§ **INPUT DATA**
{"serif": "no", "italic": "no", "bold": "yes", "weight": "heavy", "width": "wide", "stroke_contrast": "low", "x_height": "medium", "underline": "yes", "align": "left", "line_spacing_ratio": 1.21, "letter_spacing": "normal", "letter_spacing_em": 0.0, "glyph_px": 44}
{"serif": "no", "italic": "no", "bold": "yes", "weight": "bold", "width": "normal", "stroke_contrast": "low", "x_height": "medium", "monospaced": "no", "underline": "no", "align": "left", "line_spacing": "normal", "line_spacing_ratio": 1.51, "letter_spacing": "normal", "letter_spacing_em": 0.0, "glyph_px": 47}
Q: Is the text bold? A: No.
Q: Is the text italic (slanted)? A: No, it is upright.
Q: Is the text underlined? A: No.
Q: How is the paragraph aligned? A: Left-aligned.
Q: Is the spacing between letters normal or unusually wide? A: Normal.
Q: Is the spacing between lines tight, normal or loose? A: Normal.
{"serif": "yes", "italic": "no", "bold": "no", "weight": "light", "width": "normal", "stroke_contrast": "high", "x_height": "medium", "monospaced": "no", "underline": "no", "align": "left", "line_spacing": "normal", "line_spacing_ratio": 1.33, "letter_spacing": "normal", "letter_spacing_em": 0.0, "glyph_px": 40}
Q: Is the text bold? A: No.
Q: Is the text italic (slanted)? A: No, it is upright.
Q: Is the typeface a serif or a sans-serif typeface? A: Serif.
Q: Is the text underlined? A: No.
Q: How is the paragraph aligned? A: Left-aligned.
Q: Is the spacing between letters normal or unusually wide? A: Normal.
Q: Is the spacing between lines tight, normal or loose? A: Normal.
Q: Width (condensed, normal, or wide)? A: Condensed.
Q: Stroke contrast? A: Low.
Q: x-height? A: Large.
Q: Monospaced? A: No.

§ **WHAT IS NEEDED**
Starting at the first line, transcribe the material through to the last.

§ **SOLUTION TO THIS TASK**
{"serif": "no", "italic": "no", "bold": "yes", "weight": "heavy", "width": "wide", "stroke_contrast": "low", "x_height": "medium", "underline": "yes", "align": "left", "line_spacing_ratio": 1.21, "letter_spacing": "normal", "letter_spacing_em": 0.0, "glyph_px": 44}
{"serif": "no", "italic": "no", "bold": "yes", "weight": "bold", "width": "normal", "stroke_contrast": "low", "x_height": "medium", "monospaced": "no", "underline": "no", "align": "left", "line_spacing": "normal", "line_spacing_ratio": 1.51, "letter_spacing": "normal", "letter_spacing_em": 0.0, "glyph_px": 47}
Q: Is the text bold? A: No.
Q: Is the text italic (slanted)? A: No, it is upright.
Q: Is the text underlined? A: No.
Q: How is the paragraph aligned? A: Left-aligned.
Q: Is the spacing between letters normal or unusually wide? A: Normal.
Q: Is the spacing between lines tight, normal or loose? A: Normal.
{"serif": "yes", "italic": "no", "bold": "no", "weight": "light", "width": "normal", "stroke_contrast": "high", "x_height": "medium", "monospaced": "no", "underline": "no", "align": "left", "line_spacing": "normal", "line_spacing_ratio": 1.33, "letter_spacing": "normal", "letter_spacing_em": 0.0, "glyph_px": 40}
Q: Is the text bold? A: No.
Q: Is the text italic (slanted)? A: No, it is upright.
Q: Is the typeface a serif or a sans-serif typeface? A: Serif.
Q: Is the text underlined? A: No.
Q: How is the paragraph aligned? A: Left-aligned.
Q: Is the spacing between letters normal or unusually wide? A: Normal.
Q: Is the spacing between lines tight, normal or loose? A: Normal.
Q: Width (condensed, normal, or wide)? A: Condensed.
Q: Stroke contrast? A: Low.
Q: x-height? A: Large.
Q: Monospaced? A: No.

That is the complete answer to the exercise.